The fare hike, if it sticks, could mark a turning point in the interisland price war that began in June 2006 when go! airline entered the market with $39 one-way fares.

Aloha "is trying to bring up fares to see if the competition will follow, which is a reasonable thing to do," said local airline industry historian Peter Forman. "They're trying to say let's quit this nonsense of money-losing fares, let's try to at least break even with fares."

Aloha increased ticket prices on most of its interisland flights by $10 Monday, citing the high cost of jet fuel.
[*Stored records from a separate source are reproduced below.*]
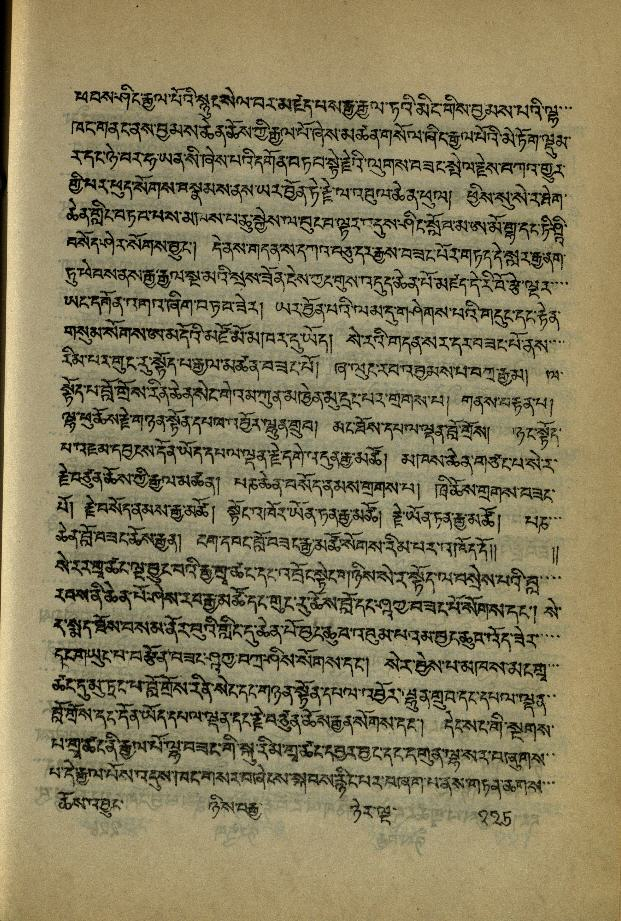ཕབས་ཤིང་རྒྱལ་པོའི་སྙུང་སེལ་བར་མཛད་པས་རྒྱ་རྒྱལ་ཏའི་མིང་གིས་བྱམས་པའི་ལྷ་
ཁང་གནང་ནས་བྱམས་ཆེན་ཆོས་ཀྱི་རྒྱལ་པོ་ཞེས་མཚན་གསོལ་ཞིང་རྒྱལ་པོའི་མེ་ཏོག་ལྡུམ་
ར་དང་ཉེ་བར་ཧ་ཡན་སི་ཞེས་པའི་དགོན་བཏབ་སྟེ་རྗེའི་ལུགས་བཟང་སྤེལ་རྗེས་བཀའ་གྱུར་
གྱི་པར་ཕུད་སོགས་བསྣམས་ནས་ཡར་བྱོན་ཏེ་རྗེ་ལ་འབུལ་ཆེན་ཕུལ། ཕྱིས་སུ་སེ་ར་ཐེག་
ཆེན་གླིང་བཏབ་པས་མཁས་པ་ཆུ་སྐྱེས་ལ་བུང་བ་ལྟར་འདུས་ཤིང་སློབ་མ་ཨ་མོ་གྷ་དང་ཏིཤྲཱི་
བསོད་ཤེར་སོགས་བྱུང་། དེ་ནས་གདན་ས་དཀའ་བཅུ་དར་རྒྱས་བཟང་པོར་གཏད་དེ་སླར་རྒྱ་ནག་
ཏུ་ཕེབས་ནས་རྒྱ་རྒྱལ་སྔ་མའི་སྲས་ཟོན་ངེས་ཀྱང་གུས་འདུད་ཆེན་པོ་མཛད་དེ་རི་བོ་རྩེ་ལྔར་
ཡང་དགོན་འགའ་ཞིག་བཏབ་ཟེར། ཡར་བྱོན་པའི་ལམ་དུ་གཤེགས་པའི་གདུང་དང་རྟེན་
གསུམ་སོགས་ཨ་མདོའི་མཛོ་མོ་མཁར་དུ་ཡོད། སེ་རའི་གདན་སར་དར་བཟང་པོ་ནས་
རིམ་པར་གུང་རུ་སྟོད་པ་རྒྱལ་མཚན་བཟང་པོ། ཞ་ལུང་རབ་འབྱམས་པ་བཀྲ་རྒྱམ། ལ་
སྟོད་པ་བློ་གྲོས་རིན་ཆེན་སེང་གེའམ་ཀུན་མཁྱེན་མུ་དྲང་པར་གྲགས་པ། གནས་བརྟན་པ།
ལྷ་ཕུ་ཆོས་རྗེ་གཉན་སྟོན་དཔལ་འབྱོར་ལྷུན་གྲུབ། མང་ཐོས་དཔལ་ལྡན་བློ་གྲོས། ཉང་སྟོད་
པ་འཇམ་དབྱངས་དོན་ཡོད་དཔལ་ལྡན་རྗེ་དགེ་འདུན་རྒྱ་མཚོ། མཁས་ཆེན་གཙང་པ་སེ་ར་
རྗེ་བཙུན་ཆོས་ཀྱི་རྒྱལ་མཚན། པཎ་ཆེན་བསོད་ནམས་གྲགས་པ། ཁྲི་ཆོས་གྲགས་བཟང་
པོ། རྗེ་བསོད་ནམས་རྒྱ་མཚོ། སྟོང་འཁོར་ཡོན་ཏན་རྒྱ་མཚོ། རྗེ་ཡོན་ཏན་རྒྱ་མཚོ། པཎ་
ཆེན་བློ་བཟང་ཆོས་རྒྱན། ངག་དབང་བློ་བཟང་རྒྱ་མཚོ་སོགས་རིམ་པར་འཁོད་དོ།། །།
སེ་ར་ར་གྲྭ་ཚང་ལྔ་བྱུང་བའི་རྒྱ་གྲྭ་ཚང་དང་འབྲོང་སྟེང་གཉིས་སེ་ར་སྟོད་ལ་བསྲེས་པའི་བླ་
རབས་ནི་ཆེན་པོ་ཤེས་རབ་རྒྱ་མཚོ་དང་གུང་རུ་ཆོས་བློ་དང་ཤཱཀྱ་བཟང་པོ་སོགས་དང་། སེ་
ར་སྨད་ཐོས་བསམ་ནོར་བུའི་གླིང་དུ་ཆེན་པོ་བྱང་ཆུབ་འབུམ་པའམ་བྱང་ཆུབ་འོད་ཟེར་
དང་གཡུང་པ་བརྩོན་བཟང་ཤཱཀྱ་བཀྲ་ཤིས་སོགས་དང་། སེ་ར་བྱེས་པ་མཁས་མང་གྲྭ་
ཚང་དུ་མུ་ཏྲང་པ་བློ་གྲོས་རིན་སེང་དང་གཉན་སྟོན་དཔལ་འབྱོར་ལྷུན་གྲུབ་དང་དཔལ་ལྡན་
བློ་གྲོས་དང་དོན་ཡོད་དཔལ་ལྡན་དང་རྗེ་བཙུན་ཆོས་རྒྱན་སོགས་དང་། དེང་སང་གི་སྔགས་
པ་གྲྭ་ཚང་ནི་རྒྱལ་པོ་ལྷ་བཟང་གི་སྐུ་རིམ་གྲྭ་ཚང་དབྱར་བྱང་དང་དགུན་ལྷ་སར་བཞུགས་
པ་དེ་རྒྱལ་པོས་འདུས་ཁང་གསར་བཞེངས་སྐབས་རྙིང་པར་བཞག་པ་ནས་གཏན་ཆགས་

Hawaiian did not immediately match, but company spokesman Keoni Wagner said the airline is looking at the option.

Upstart go! airline, which kicked off the fare war last year when it cut ticket prices by more than half, declined to comment when asked if it would follow suit.

Aloha said the fare increase is strictly about fuel costs.

Thom Nulty, Aloha's senior vice president of marketing and sales, said jet fuel prices have more than doubled during the past several years from about $1.25 a gallon to about $2.89 today.

As a result, Aloha's annual fuel expenses have soared from $71.1 million in 2004 to $95.9 million in 2005 and $100.5 million in 2006.

Nulty noted that at $1.25 a gallon, the per-passenger fuel cost is about $8 on an interisland flight that's 70 percent full. At $2.89 a gallon, the per-passenger fuel cost is $18.25, he said.

"It's not about trying to squeeze out an extra profit," he said. "It's about trying to recover the added costs."

This is not the first time that Aloha has looked to raise fares. Earlier this month, Aloha announced that it was raising fares by $5 due to high fuel costs.

But the carrier pulled the fare increase after Hawaiian and go! declined to match.

Nulty, who likened the fare increase to surcharges implemented by shipping companies like Matson Navigation Co., said he hopes competitors will follow this time.

"Everyone is losing substantial amounts of money ... and at some point somebody has to step up and it is us," Nulty said.

"We hope sanity will prevail."

Since go!'s launch in June 2006, fares have dropped by as much as half to about $39. At times, go! has dropped ticket prices to $29, $19 and $9.

In most instances, the fares were matched by Aloha and Hawaiian, which lost about $40 million each in 2006.

A recent study commissioned by Aloha and conducted by Dallas-based Sabre Airline Solutions concluded that Aloha, Hawaiian and go! lose money when they sell interisland tickets below $50.

Honolulu resident Bill Lyster doesn't think that the $10 fare increase will make a difference in whether he travels to the Neighbor Islands. The construction industry consultant said airfares are just one of several expenses that he and his wife look at when they travel. Hotel prices, car rentals and other costs are factors that he looks at when planning trips, he said.

But Lyster said he would rethink future travel plans should interisland fares return to the $70 to $90 levels of two years ago.

"I think it's part of the normal ebb and flow of business," Lyster said of Aloha's $10 fare increase.